> Information provided
▼
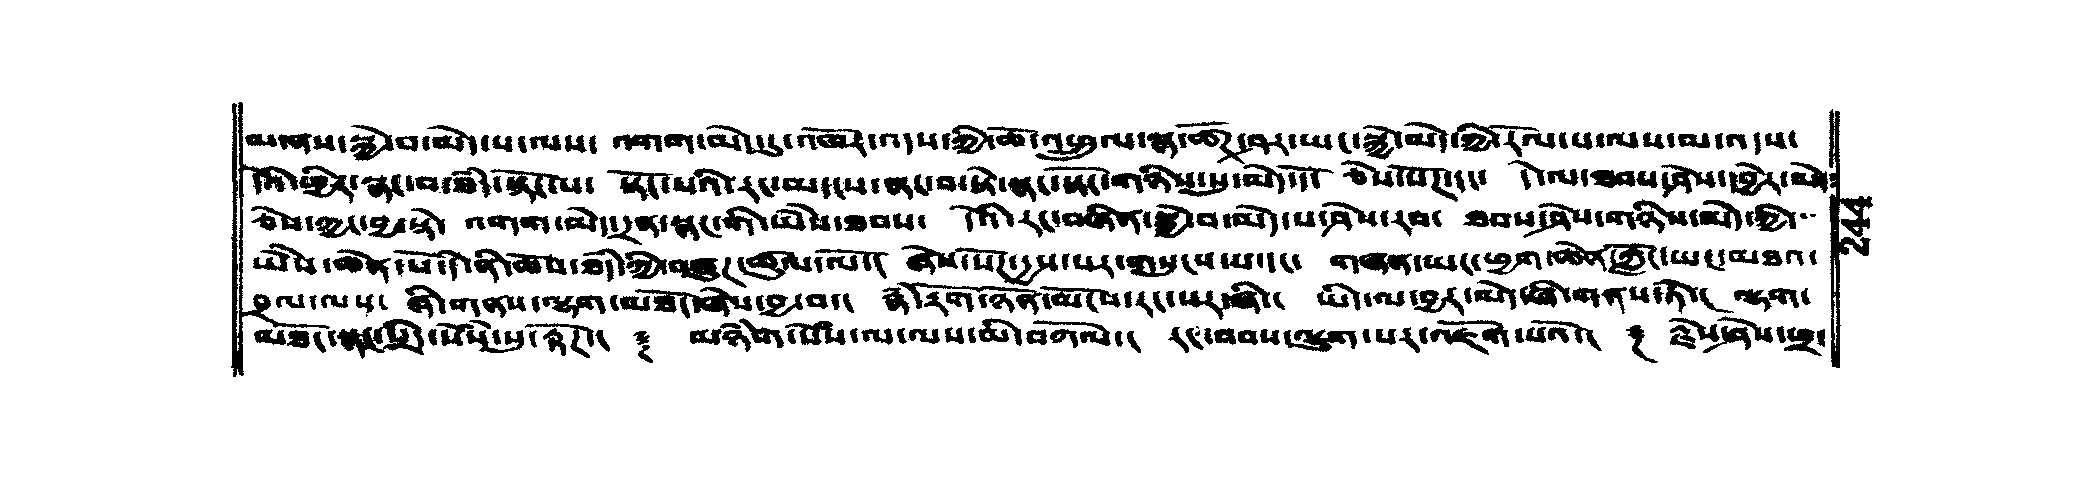མ་ནས་སྐྱེ་བ་མེད་པ་ལས། འགག་མེད་དུ་འཁོར་འདས་ཀྱི་ཆོ་འཕྲུལ་སྣ་ཚོགས་ཤར་ཡང་སྐྱེ་མེད་ཀྱི་རོལ་པ་ལས་མ་འདས། 
དེའི་ཕྱིར་སྣང་བ་ཐམས་ཅད་སྟོང་པ། སྟོང་པའི་རང་མདངས་སྣང་བ་སྟེ་སྣང་སྟོང་གཉིས་སུ་མེད་དོ། ཞེས་སོགས་དང་། དེ་ལ་ཐབས་ཤེས་དབྱེར་མེད་
ཅེས་ཀྱང་བྱ་སྟེ། འགག་མེད་དྲན་སྣང་གི་ཡེ་ཤེས་ཐབས། དེའི་རང་བཞིན་སྐྱེ་བ་མེད་པ་ཤེས་རབ།ཐབས་ཤེས་གཉིས་མེད་ཀྱི་
ཡེ་ཤེས་ཆེན་པོ་དེ་ནི་ཆོས་ཐམས་ཅད་ཀྱི་བཞུགས་ཚུལ་ལོ། ཞེས་སོགས་རྒྱས་པར་གསུངས་པ་དང་། གཞན་ཡང་ཕྱག་ཆེན་ཀློང་ཡངས་མཐའ་
བྲལ་ལས། །ཞི་གནས་ལྷག་མཐོང་ཞེས་བྱ་བ། །རྣམ་རྟོག་ཉོན་མོངས་རང་སར་ཞི། །ཡིད་ལ་བྱར་མེད་ཞི་གནས་ཏེ། །ལྷག་
མཐོང་སྣང་སྲིད་སེམས་སུ་རྟོགས། །མཉམ་བཞག་སེམས་ལ་ལས་མི་བཀོལ། །རང་བབས་ལྷུག་པར་འཇོག་པའོ། །རྗེས་ཤེས་ཕྲ་
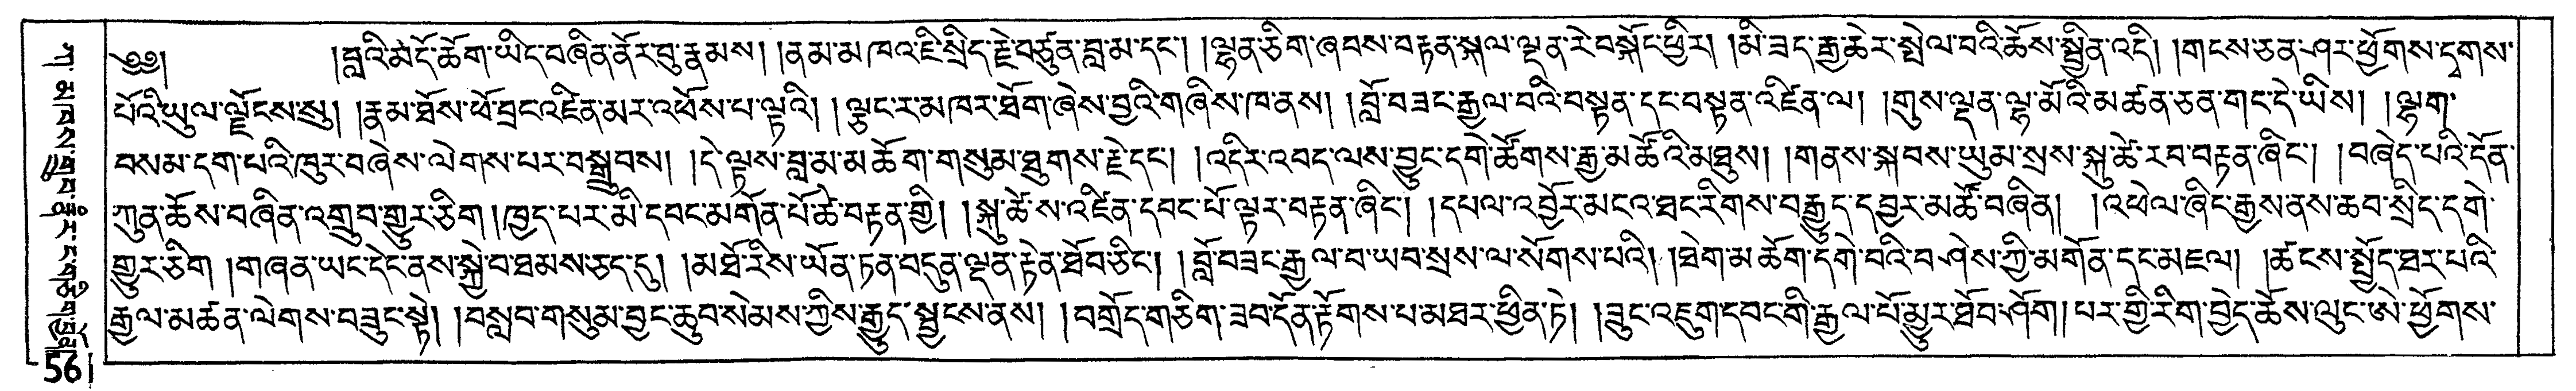༄༅། །བླའི་མདོ་ཆོག་ཡིད་བཞིན་ནོར་བུ་རྣམས། །ནམ་མཁའ་ཇི་སྲིད་རྗེ་བཙུན་བླ་མ་དང་། །ལྷན་ཅིག་ཞབས་བརྟན་སྐལ་ལྡན་རེ་བསྐོང་ཕྱིར། །མི་ཟད་རྒྱ་ཆེར་སྤེལ་བའི་ཆོས་སྦྱིན་འདི། །གངས་ཅན་ཤར་ཕྱོགས་དྭགས་
པོའི་ཡུལ་ལྗོངས་སུ། །རྣམ་ཐོས་ཕོ་བྲང་འཛིན་མར་འཕོས་པ་ལྟའི། །ལྕང་ར་མཁར་ཐོག་ཞེས་བྱའི་གཞིས་ཁ་ནས། །བློ་བཟང་རྒྱལ་བའི་བསྟན་དང་བསྟན་འཛིན་ལ། །གུས་ལྡན་ལྷ་མོའི་མཚན་ཅན་གང་དེ་ཡིས། །ལྷག་
བསམ་དག་པའི་ཁུར་བཞེས་ལེགས་པར་བསྒྲུབས། །དེ་ལྟས་བླ་མ་མཆོག་གསུམ་ཐུགས་རྗེ་དང་། །འདིར་འབད་ལས་བྱུང་དགེ་ཚོགས་རྒྱ་མཚོའི་མཐུས། །གནས་སྐབས་ཡུམ་སྲས་སྐུ་ཚེ་རབ་བརྟན་ཞིང་། །བཞེད་པའི་དོན་
ཀུན་ཆོས་བཞིན་འགྲུབ་གྱུར་ཅིག །ཁྱད་པར་མི་དབང་མགོན་པོ་ཚེ་བརྟན་གྱི། །སྐུ་ཚེ་ས་འཛིན་དབང་པོ་ལྟར་བརྟན་ཞིང་། །དཔལ་འབྱོར་མངའ་ཐང་རིགས་བརྒྱུད་དབྱར་མཚོ་བཞིན། །འཕེལ་ཞིང་རྒྱས་ནས་ཆབ་སྲིད་དགེ་
གྱུར་ཅིག །གཞན་ཡང་དེང་ནས་སྐྱེ་བ་ཐམས་ཅད་དུ། །མཐོ་རིས་ཡོན་ཏན་བདུན་ལྡན་རྟེན་ཐོབ་ཅིང་། །བློ་བཟང་རྒྱལ་བ་ཡབ་སྲས་ལ་སོགས་པའི། །ཐེག་མཆོག་དགེ་བའི་བཤེས་ཀྱི་མགོན་དང་མཇལ། །ཚངས་སྤྱོད་ཐར་པའི་
རྒྱལ་མཚན་ལེགས་བཟུང་སྟེ། །བསླབ་གསུམ་བྱང་ཆུབ་སེམས་ཀྱིས་རྒྱུད་སྦྱངས་ནས། །བགྲོད་གཅིག་ཟབ་དོན་རྟོགས་པ་མཐར་ཕྱིན་ཏེ། །ཟུང་འཇུག་དབང་གི་རྒྱལ་པོ་མྱུར་ཐོབ་ཤོག །པར་གྱི་རིག་བྱེད་ཆོས་ལུང་ཨེ་ཕྱོགས་
▲
> Task goal
Across the whole listing, reproduce each line verbatim and exclude every picture.

> Result
མ་ནས་སྐྱེ་བ་མེད་པ་ལས། འགག་མེད་དུ་འཁོར་འདས་ཀྱི་ཆོ་འཕྲུལ་སྣ་ཚོགས་ཤར་ཡང་སྐྱེ་མེད་ཀྱི་རོལ་པ་ལས་མ་འདས། 
དེའི་ཕྱིར་སྣང་བ་ཐམས་ཅད་སྟོང་པ། སྟོང་པའི་རང་མདངས་སྣང་བ་སྟེ་སྣང་སྟོང་གཉིས་སུ་མེད་དོ། ཞེས་སོགས་དང་། དེ་ལ་ཐབས་ཤེས་དབྱེར་མེད་
ཅེས་ཀྱང་བྱ་སྟེ། འགག་མེད་དྲན་སྣང་གི་ཡེ་ཤེས་ཐབས། དེའི་རང་བཞིན་སྐྱེ་བ་མེད་པ་ཤེས་རབ།ཐབས་ཤེས་གཉིས་མེད་ཀྱི་
ཡེ་ཤེས་ཆེན་པོ་དེ་ནི་ཆོས་ཐམས་ཅད་ཀྱི་བཞུགས་ཚུལ་ལོ། ཞེས་སོགས་རྒྱས་པར་གསུངས་པ་དང་། གཞན་ཡང་ཕྱག་ཆེན་ཀློང་ཡངས་མཐའ་
བྲལ་ལས། །ཞི་གནས་ལྷག་མཐོང་ཞེས་བྱ་བ། །རྣམ་རྟོག་ཉོན་མོངས་རང་སར་ཞི། །ཡིད་ལ་བྱར་མེད་ཞི་གནས་ཏེ། །ལྷག་
མཐོང་སྣང་སྲིད་སེམས་སུ་རྟོགས། །མཉམ་བཞག་སེམས་ལ་ལས་མི་བཀོལ། །རང་བབས་ལྷུག་པར་འཇོག་པའོ། །རྗེས་ཤེས་ཕྲ་
༄༅། །བླའི་མདོ་ཆོག་ཡིད་བཞིན་ནོར་བུ་རྣམས། །ནམ་མཁའ་ཇི་སྲིད་རྗེ་བཙུན་བླ་མ་དང་། །ལྷན་ཅིག་ཞབས་བརྟན་སྐལ་ལྡན་རེ་བསྐོང་ཕྱིར། །མི་ཟད་རྒྱ་ཆེར་སྤེལ་བའི་ཆོས་སྦྱིན་འདི། །གངས་ཅན་ཤར་ཕྱོགས་དྭགས་
པོའི་ཡུལ་ལྗོངས་སུ། །རྣམ་ཐོས་ཕོ་བྲང་འཛིན་མར་འཕོས་པ་ལྟའི། །ལྕང་ར་མཁར་ཐོག་ཞེས་བྱའི་གཞིས་ཁ་ནས། །བློ་བཟང་རྒྱལ་བའི་བསྟན་དང་བསྟན་འཛིན་ལ། །གུས་ལྡན་ལྷ་མོའི་མཚན་ཅན་གང་དེ་ཡིས། །ལྷག་
བསམ་དག་པའི་ཁུར་བཞེས་ལེགས་པར་བསྒྲུབས། །དེ་ལྟས་བླ་མ་མཆོག་གསུམ་ཐུགས་རྗེ་དང་། །འདིར་འབད་ལས་བྱུང་དགེ་ཚོགས་རྒྱ་མཚོའི་མཐུས། །གནས་སྐབས་ཡུམ་སྲས་སྐུ་ཚེ་རབ་བརྟན་ཞིང་། །བཞེད་པའི་དོན་
ཀུན་ཆོས་བཞིན་འགྲུབ་གྱུར་ཅིག །ཁྱད་པར་མི་དབང་མགོན་པོ་ཚེ་བརྟན་གྱི། །སྐུ་ཚེ་ས་འཛིན་དབང་པོ་ལྟར་བརྟན་ཞིང་། །དཔལ་འབྱོར་མངའ་ཐང་རིགས་བརྒྱུད་དབྱར་མཚོ་བཞིན། །འཕེལ་ཞིང་རྒྱས་ནས་ཆབ་སྲིད་དགེ་
གྱུར་ཅིག །གཞན་ཡང་དེང་ནས་སྐྱེ་བ་ཐམས་ཅད་དུ། །མཐོ་རིས་ཡོན་ཏན་བདུན་ལྡན་རྟེན་ཐོབ་ཅིང་། །བློ་བཟང་རྒྱལ་བ་ཡབ་སྲས་ལ་སོགས་པའི། །ཐེག་མཆོག་དགེ་བའི་བཤེས་ཀྱི་མགོན་དང་མཇལ། །ཚངས་སྤྱོད་ཐར་པའི་
རྒྱལ་མཚན་ལེགས་བཟུང་སྟེ། །བསླབ་གསུམ་བྱང་ཆུབ་སེམས་ཀྱིས་རྒྱུད་སྦྱངས་ནས། །བགྲོད་གཅིག་ཟབ་དོན་རྟོགས་པ་མཐར་ཕྱིན་ཏེ། །ཟུང་འཇུག་དབང་གི་རྒྱལ་པོ་མྱུར་ཐོབ་ཤོག །པར་གྱི་རིག་བྱེད་ཆོས་ལུང་ཨེ་ཕྱོགས་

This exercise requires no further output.